▶ _TASK DIRECTIONS_
Write out word for word the lines from the one holding "Cardiomegaly: negative" through the end of the data, and only those lines. Pictures stay out.

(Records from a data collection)

◇ ◇ ◇ ◇ ◇

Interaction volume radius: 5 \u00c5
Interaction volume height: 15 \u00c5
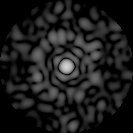
Disorder parameter: 0.808
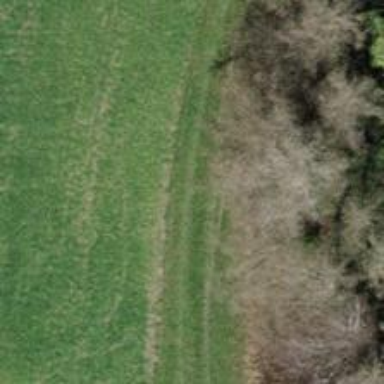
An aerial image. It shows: Unpaved path.
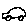
Label: car
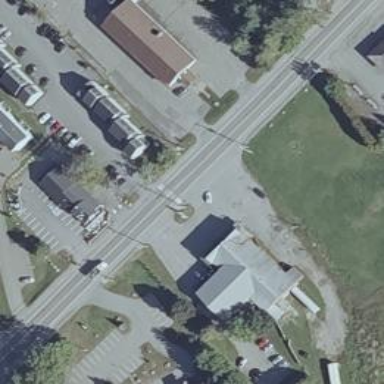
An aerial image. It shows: Convenience shop.
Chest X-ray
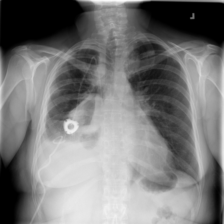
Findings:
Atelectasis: positive
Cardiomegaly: negative
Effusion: positive
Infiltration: negative
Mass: negative
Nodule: negative
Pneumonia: negative
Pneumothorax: negative
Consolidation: negative
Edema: negative
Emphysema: negative
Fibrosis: negative
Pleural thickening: negative
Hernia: negative
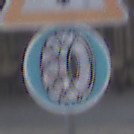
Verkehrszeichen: SchneekettenVorgeschrieben
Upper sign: SchneeOderEisglaette
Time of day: MorningAfternoon
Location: Outdoor (Urban)
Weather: PartlyCloudy
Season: NotSpecified
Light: Natural
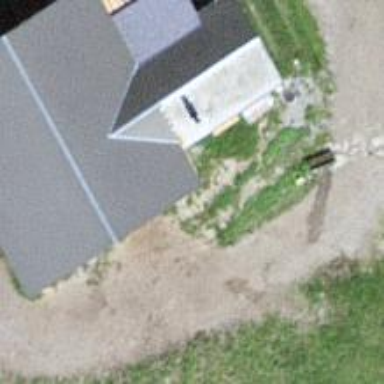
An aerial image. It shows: Farm auxiliary building.
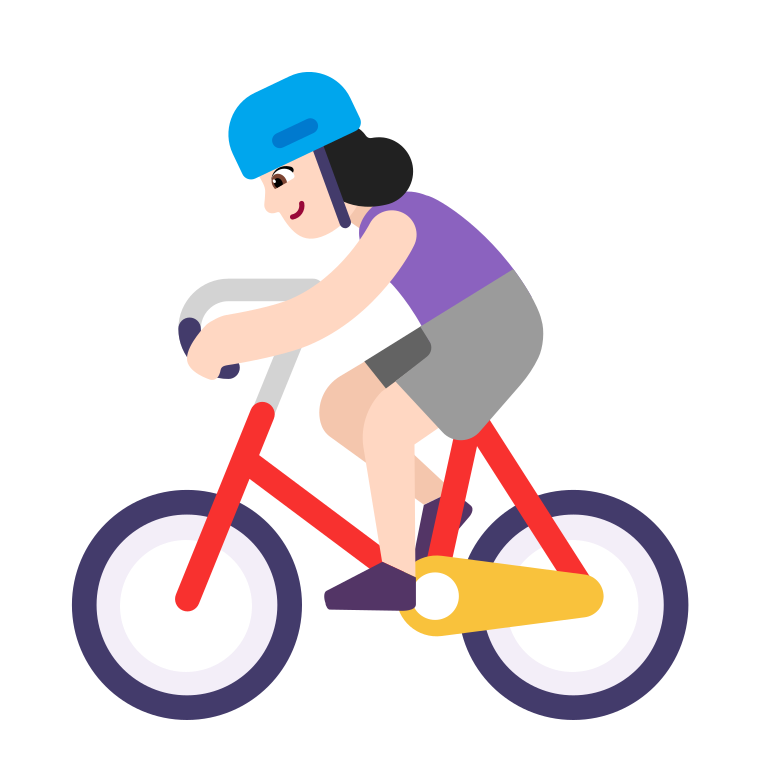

◇ ◇ ◇ ◇ ◇

▶ _TASK OUTPUT_
Cardiomegaly: negative
Effusion: positive
Infiltration: negative
Mass: negative
Nodule: negative
Pneumonia: negative
Pneumothorax: negative
Consolidation: negative
Edema: negative
Emphysema: negative
Fibrosis: negative
Pleural thickening: negative
Hernia: negative
Verkehrszeichen: SchneekettenVorgeschrieben
Upper sign: SchneeOderEisglaette
Time of day: MorningAfternoon
Location: Outdoor (Urban)
Weather: PartlyCloudy
Season: NotSpecified
Light: Natural
An aerial image. It shows: Farm auxiliary building.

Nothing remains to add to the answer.